What makes it special: It’s rare for an album to be this good at upbeat bops about being glad your ex is gone (“Maniac” and “Checkmate”) that’s ALSO this good at sad guitar ballads (“Heather” and “The Story”). Conan Gray can do it all. Throughout Kid Krow he juxtoposes more personal stories of heartbreak with big picture social commentary, and songs like “Little League” which are somewhere in between. It’s an album that doesn’t just make me want more music from Conan, but an album that makes me want to know more about Conan’s perspective on life in general. Kid Krow was infectious enough to steal my heart fairly quickly, but yet still had enough nuance to hold up long after many pop albums get boring. (Read my full Kid Krow review here).
12. BEFORE LOVE CAME TO KILL US by Jessie Reyez

Genre: An interesting amalgamation of R&B, hip hop, and pop.
If you’re only going to listen to ONE song you should listen to… “DO YOU LOVE HER”
The best time to listen to it: When you either a) have just had your heart broken or b) are not feeling anything and need to be reminded of just how badly hearts can break.
What makes it special: BEFORE LOVE CAME TO KILL US kind of feels like a love child of Billie Eilish and Camila Cabello… yet I love it more than either of those artists. It’s dark and demented at some points, yet other moments make you feel like crying alone curled up in the fetal position. It also has what might be the most gripping opening track I’ve heard on any 2020 album in “DO YOU LOVE HER.” It has this twisted, intoxicating quality, drawing you into this downward spiral of feels that the rest of the album has in store for you.
Reyez also knows how to draw from a lot of influences without necessarily feeling derivative. There’s Latin flair. There’s bluesy anthems. There’s rap. The result is a dark tragedy of epic proportions that sounds like no other breakup album I’ve heard, and frankly if I’m in the mood for this album nothing else can come close to scratching the same itch.
11. Zeros by Declan McKenna

Genre: Rock
If you’re only going to listen to ONE song you should listen to… “The Key to Life on Earth”
The best time to listen to it: When you need to escape into a fantasy and ponder reality at the same time.
What makes it special: Zeros feels like the album that the Beatles might’ve made if they were just bursting on the scene for the first time in 2020. It’s fascinating to me how well Declan can pull inspiration from the psychadelic rock of the 1960s, yet it never feels like a cheap knock-off of an artist you’d rather be listening to.

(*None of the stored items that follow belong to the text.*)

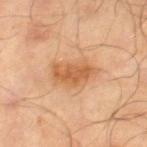This image is a 15 mm lesion crop taken from a total-body photograph. The lesion is on the right lower leg. The tile uses cross-polarized illumination. About 5 mm across. The total-body-photography lesion software estimated a footprint of about 11 mm², an outline eccentricity of about 0.8 (0 = round, 1 = elongated), and two-axis asymmetry of about 0.25. The analysis additionally found a color-variation rating of about 3/10 and peripheral color asymmetry of about 1. The analysis additionally found a lesion-detection confidence of about 100/100. A male subject in their mid- to late 60s.
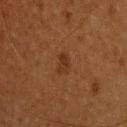Clinical summary: The tile uses cross-polarized illumination. A male subject aged 63 to 67. A region of skin cropped from a whole-body photographic capture, roughly 15 mm wide. From the head or neck. The recorded lesion diameter is about 3 mm.
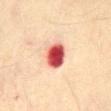{
  "biopsy_status": "not biopsied; imaged during a skin examination",
  "patient": {
    "sex": "male",
    "age_approx": 75
  },
  "automated_metrics": {
    "area_mm2_approx": 8.5,
    "eccentricity": 0.55,
    "shape_asymmetry": 0.15,
    "cielab_L": 48,
    "cielab_a": 34,
    "cielab_b": 27,
    "vs_skin_darker_L": 22.0,
    "vs_skin_contrast_norm": 14.5
  },
  "lighting": "cross-polarized",
  "image": {
    "source": "total-body photography crop",
    "field_of_view_mm": 15
  },
  "lesion_size": {
    "long_diameter_mm_approx": 3.5
  },
  "site": "chest"
}
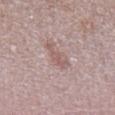workup=total-body-photography surveillance lesion; no biopsy | subject=male, about 50 years old | illumination=white-light illumination | image source=15 mm crop, total-body photography | TBP lesion metrics=an area of roughly 4 mm², a shape eccentricity near 0.95, and a symmetry-axis asymmetry near 0.5; an automated nevus-likeness rating near 5 out of 100 and lesion-presence confidence of about 90/100 | location=the left lower leg | lesion diameter=≈3.5 mm.
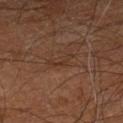diameter: ≈3 mm
site: the right leg
image-analysis metrics: an automated nevus-likeness rating near 0 out of 100
subject: male, roughly 60 years of age
lighting: cross-polarized illumination
acquisition: total-body-photography crop, ~15 mm field of view
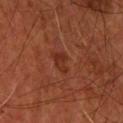workup: catalogued during a skin exam; not biopsied
subject: male, aged 53–57
TBP lesion metrics: a footprint of about 3.5 mm², an eccentricity of roughly 0.8, and a shape-asymmetry score of about 0.4 (0 = symmetric); a lesion–skin lightness drop of about 6 and a normalized lesion–skin contrast near 6.5
lighting: cross-polarized
acquisition: total-body-photography crop, ~15 mm field of view
diameter: ≈2.5 mm
anatomic site: the upper back
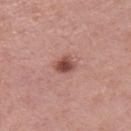Part of a total-body skin-imaging series; this lesion was reviewed on a skin check and was not flagged for biopsy. Measured at roughly 2.5 mm in maximum diameter. From the right thigh. A female patient in their 40s. Imaged with white-light lighting. Cropped from a total-body skin-imaging series; the visible field is about 15 mm.
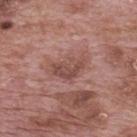workup: catalogued during a skin exam; not biopsied
tile lighting: white-light illumination
diameter: ~4.5 mm (longest diameter)
automated lesion analysis: a footprint of about 7.5 mm², a shape eccentricity near 0.85, and a shape-asymmetry score of about 0.4 (0 = symmetric); a lesion color around L≈48 a*≈22 b*≈23 in CIELAB, roughly 9 lightness units darker than nearby skin, and a normalized lesion–skin contrast near 6.5; border irregularity of about 4.5 on a 0–10 scale, a color-variation rating of about 3/10, and radial color variation of about 1; a classifier nevus-likeness of about 0/100 and a detector confidence of about 95 out of 100 that the crop contains a lesion
patient: male, aged around 70
location: the mid back
image source: ~15 mm tile from a whole-body skin photo
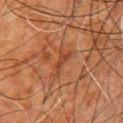workup: total-body-photography surveillance lesion; no biopsy
image source: ~15 mm tile from a whole-body skin photo
size: ≈3.5 mm
location: the chest
subject: male, aged 78–82
tile lighting: cross-polarized illumination
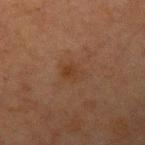{
  "biopsy_status": "not biopsied; imaged during a skin examination",
  "lesion_size": {
    "long_diameter_mm_approx": 3.0
  },
  "lighting": "cross-polarized",
  "site": "right upper arm",
  "image": {
    "source": "total-body photography crop",
    "field_of_view_mm": 15
  },
  "patient": {
    "sex": "male",
    "age_approx": 65
  }
}
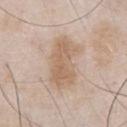Part of a total-body skin-imaging series; this lesion was reviewed on a skin check and was not flagged for biopsy. Cropped from a total-body skin-imaging series; the visible field is about 15 mm. The patient is a male aged around 55. From the chest. The lesion's longest dimension is about 6.5 mm. Imaged with white-light lighting. The total-body-photography lesion software estimated a footprint of about 17 mm². The software also gave an average lesion color of about L≈62 a*≈16 b*≈30 (CIELAB) and a lesion–skin lightness drop of about 9.
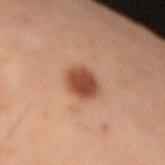Impression:
Captured during whole-body skin photography for melanoma surveillance; the lesion was not biopsied.
Context:
Longest diameter approximately 3 mm. Captured under cross-polarized illumination. A male patient, approximately 70 years of age. This image is a 15 mm lesion crop taken from a total-body photograph. From the left forearm.
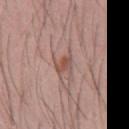The lesion was tiled from a total-body skin photograph and was not biopsied.
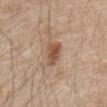Assessment: No biopsy was performed on this lesion — it was imaged during a full skin examination and was not determined to be concerning. Image and clinical context: Automated image analysis of the tile measured a lesion area of about 5.5 mm² and two-axis asymmetry of about 0.3. The analysis additionally found a nevus-likeness score of about 80/100. Cropped from a total-body skin-imaging series; the visible field is about 15 mm. A male subject aged approximately 80. Imaged with white-light lighting. Measured at roughly 3.5 mm in maximum diameter. Located on the abdomen.
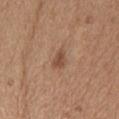Background: The lesion's longest dimension is about 2.5 mm. The tile uses white-light illumination. The lesion-visualizer software estimated a nevus-likeness score of about 75/100 and lesion-presence confidence of about 100/100. A female patient, aged around 70. The lesion is located on the head or neck. Cropped from a whole-body photographic skin survey; the tile spans about 15 mm.
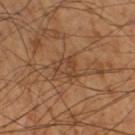notes: imaged on a skin check; not biopsied
illumination: cross-polarized
diameter: ~3 mm (longest diameter)
automated metrics: a shape eccentricity near 0.5 and two-axis asymmetry of about 0.5; border irregularity of about 4.5 on a 0–10 scale, a within-lesion color-variation index near 3.5/10, and peripheral color asymmetry of about 1; a nevus-likeness score of about 0/100 and lesion-presence confidence of about 80/100
acquisition: ~15 mm tile from a whole-body skin photo
anatomic site: the right thigh
patient: male, in their mid-50s
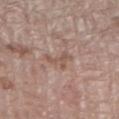Recorded during total-body skin imaging; not selected for excision or biopsy. A male patient, aged 68 to 72. From the right lower leg. Cropped from a whole-body photographic skin survey; the tile spans about 15 mm. Measured at roughly 3.5 mm in maximum diameter. Captured under white-light illumination.
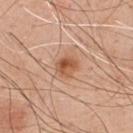Clinical impression:
Part of a total-body skin-imaging series; this lesion was reviewed on a skin check and was not flagged for biopsy.
Context:
A lesion tile, about 15 mm wide, cut from a 3D total-body photograph. The recorded lesion diameter is about 2.5 mm. Automated image analysis of the tile measured a nevus-likeness score of about 90/100. The lesion is on the front of the torso. A male subject aged approximately 50. This is a white-light tile.
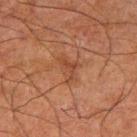notes: imaged on a skin check; not biopsied
acquisition: total-body-photography crop, ~15 mm field of view
anatomic site: the right upper arm
diameter: ≈3 mm
subject: male, approximately 70 years of age
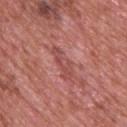Clinical impression: Imaged during a routine full-body skin examination; the lesion was not biopsied and no histopathology is available. Acquisition and patient details: Imaged with white-light lighting. A male patient aged 68 to 72. Located on the upper back. About 4.5 mm across. A roughly 15 mm field-of-view crop from a total-body skin photograph.
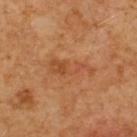Captured during whole-body skin photography for melanoma surveillance; the lesion was not biopsied.
About 5 mm across.
A 15 mm close-up extracted from a 3D total-body photography capture.
An algorithmic analysis of the crop reported a lesion color around L≈44 a*≈23 b*≈35 in CIELAB and about 7 CIELAB-L* units darker than the surrounding skin.
The lesion is located on the upper back.
The subject is a male aged 58–62.
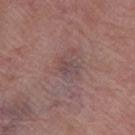| field | value |
|---|---|
| notes | catalogued during a skin exam; not biopsied |
| illumination | white-light illumination |
| diameter | ≈2.5 mm |
| subject | female, aged around 70 |
| image source | ~15 mm tile from a whole-body skin photo |
| body site | the left thigh |
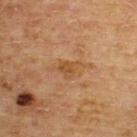Case summary:
* follow-up · imaged on a skin check; not biopsied
* location · the back
* subject · male, about 65 years old
* TBP lesion metrics · a lesion area of about 4 mm² and a shape eccentricity near 0.65
* lesion size · ~2.5 mm (longest diameter)
* acquisition · total-body-photography crop, ~15 mm field of view
* lighting · cross-polarized illumination
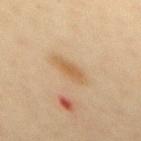{"biopsy_status": "not biopsied; imaged during a skin examination", "image": {"source": "total-body photography crop", "field_of_view_mm": 15}, "automated_metrics": {"shape_asymmetry": 0.2, "cielab_L": 52, "cielab_a": 15, "cielab_b": 33, "vs_skin_darker_L": 7.0, "vs_skin_contrast_norm": 6.5, "nevus_likeness_0_100": 65, "lesion_detection_confidence_0_100": 100}, "patient": {"sex": "female", "age_approx": 45}, "lesion_size": {"long_diameter_mm_approx": 4.0}, "lighting": "cross-polarized", "site": "back"}
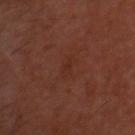notes — catalogued during a skin exam; not biopsied | patient — male, approximately 65 years of age | lighting — cross-polarized | diameter — about 2 mm | body site — the head or neck | acquisition — ~15 mm tile from a whole-body skin photo.
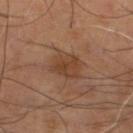Acquisition and patient details: A lesion tile, about 15 mm wide, cut from a 3D total-body photograph. The lesion's longest dimension is about 4 mm. The lesion is on the leg. Captured under cross-polarized illumination. The patient is a male aged around 70.
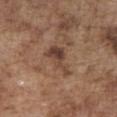Recorded during total-body skin imaging; not selected for excision or biopsy. Longest diameter approximately 4.5 mm. Cropped from a whole-body photographic skin survey; the tile spans about 15 mm. Captured under white-light illumination. The lesion is on the chest. A male patient, in their mid- to late 70s.
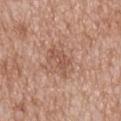notes: catalogued during a skin exam; not biopsied
patient: male, aged around 65
lighting: white-light illumination
location: the mid back
image source: 15 mm crop, total-body photography
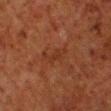follow-up=catalogued during a skin exam; not biopsied | TBP lesion metrics=an area of roughly 4 mm², a shape eccentricity near 0.85, and a symmetry-axis asymmetry near 0.55 | image=15 mm crop, total-body photography | lesion size=~3 mm (longest diameter) | location=the left lower leg | subject=male, aged 78 to 82.
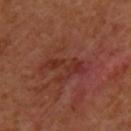No biopsy was performed on this lesion — it was imaged during a full skin examination and was not determined to be concerning. A female patient, aged approximately 40. A lesion tile, about 15 mm wide, cut from a 3D total-body photograph. The lesion is located on the left upper arm.
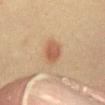biopsy_status: not biopsied; imaged during a skin examination
patient:
  sex: male
  age_approx: 40
image:
  source: total-body photography crop
  field_of_view_mm: 15
lighting: cross-polarized
site: abdomen
lesion_size:
  long_diameter_mm_approx: 3.5
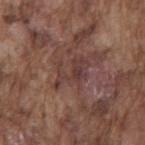| field | value |
|---|---|
| biopsy status | no biopsy performed (imaged during a skin exam) |
| tile lighting | white-light illumination |
| patient | male, aged 73–77 |
| body site | the mid back |
| image source | ~15 mm crop, total-body skin-cancer survey |
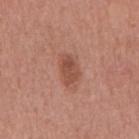The lesion was tiled from a total-body skin photograph and was not biopsied. The tile uses white-light illumination. A male patient, roughly 45 years of age. The lesion is on the chest. This image is a 15 mm lesion crop taken from a total-body photograph. Longest diameter approximately 4 mm.
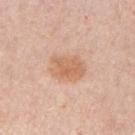This lesion was catalogued during total-body skin photography and was not selected for biopsy. Approximately 4.5 mm at its widest. The subject is a male aged approximately 60. Cropped from a whole-body photographic skin survey; the tile spans about 15 mm. On the left upper arm.
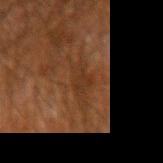| feature | finding |
|---|---|
| workup | total-body-photography surveillance lesion; no biopsy |
| anatomic site | the right forearm |
| acquisition | total-body-photography crop, ~15 mm field of view |
| lighting | cross-polarized |
| lesion size | ≈4.5 mm |
| subject | male, aged approximately 60 |
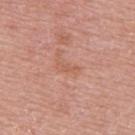{"biopsy_status": "not biopsied; imaged during a skin examination", "image": {"source": "total-body photography crop", "field_of_view_mm": 15}, "lighting": "white-light", "lesion_size": {"long_diameter_mm_approx": 2.5}, "patient": {"sex": "male", "age_approx": 70}, "automated_metrics": {"area_mm2_approx": 2.5, "eccentricity": 0.9, "shape_asymmetry": 0.35, "border_irregularity_0_10": 4.0, "color_variation_0_10": 0.0, "nevus_likeness_0_100": 0}, "site": "upper back"}
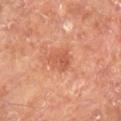| key | value |
|---|---|
| biopsy status | imaged on a skin check; not biopsied |
| patient | male, approximately 70 years of age |
| location | the right lower leg |
| image source | total-body-photography crop, ~15 mm field of view |
| image-analysis metrics | an average lesion color of about L≈55 a*≈29 b*≈34 (CIELAB) and a normalized lesion–skin contrast near 6; a classifier nevus-likeness of about 10/100 |
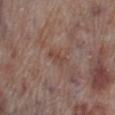notes: total-body-photography surveillance lesion; no biopsy | automated lesion analysis: an outline eccentricity of about 0.9 (0 = round, 1 = elongated) and a shape-asymmetry score of about 0.3 (0 = symmetric); a mean CIELAB color near L≈44 a*≈19 b*≈23 and roughly 7 lightness units darker than nearby skin; a detector confidence of about 100 out of 100 that the crop contains a lesion | location: the right lower leg | patient: male, roughly 70 years of age | illumination: white-light | image source: 15 mm crop, total-body photography | diameter: ~2.5 mm (longest diameter).
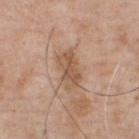Captured during whole-body skin photography for melanoma surveillance; the lesion was not biopsied. A male patient, in their 50s. Located on the chest. Imaged with white-light lighting. Measured at roughly 4.5 mm in maximum diameter. A roughly 15 mm field-of-view crop from a total-body skin photograph. Automated tile analysis of the lesion measured a lesion–skin lightness drop of about 9 and a lesion-to-skin contrast of about 7 (normalized; higher = more distinct). It also reported a border-irregularity rating of about 2.5/10 and a within-lesion color-variation index near 4/10. And it measured an automated nevus-likeness rating near 0 out of 100 and a detector confidence of about 100 out of 100 that the crop contains a lesion.
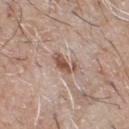| field | value |
|---|---|
| notes | catalogued during a skin exam; not biopsied |
| image | ~15 mm tile from a whole-body skin photo |
| image-analysis metrics | a mean CIELAB color near L≈53 a*≈19 b*≈26 and roughly 12 lightness units darker than nearby skin; a border-irregularity index near 4.5/10 and radial color variation of about 0.5; an automated nevus-likeness rating near 70 out of 100 and a detector confidence of about 100 out of 100 that the crop contains a lesion |
| illumination | white-light |
| size | about 3.5 mm |
| site | the chest |
| patient | male, aged approximately 65 |
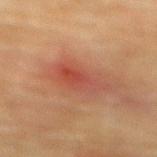Notes:
• notes: total-body-photography surveillance lesion; no biopsy
• image source: ~15 mm tile from a whole-body skin photo
• lesion size: ≈5 mm
• subject: female, aged around 80
• tile lighting: cross-polarized
• image-analysis metrics: an area of roughly 9.5 mm², an eccentricity of roughly 0.85, and a symmetry-axis asymmetry near 0.35; roughly 7 lightness units darker than nearby skin and a normalized border contrast of about 6; a border-irregularity rating of about 3.5/10 and internal color variation of about 5.5 on a 0–10 scale; a nevus-likeness score of about 5/100 and a lesion-detection confidence of about 100/100
• anatomic site: the mid back

Zeros has the grandiose vision of a proper concept album, while still having enough memorable hooks to be approachable. The first time I heard it, I wasn’t sure there was much here beyond a rock album that’s fun to listen to. Yet with every new listen, it felt like there was some other layer beneath the surface begging for me to discover it. Are the lyrics literally about a trip to space? Are they a criticism of our real-life broken political and economic systems? Could they possibly be both? Zeros works the way a good novel does: fun at first, and only gets better the more you think about it.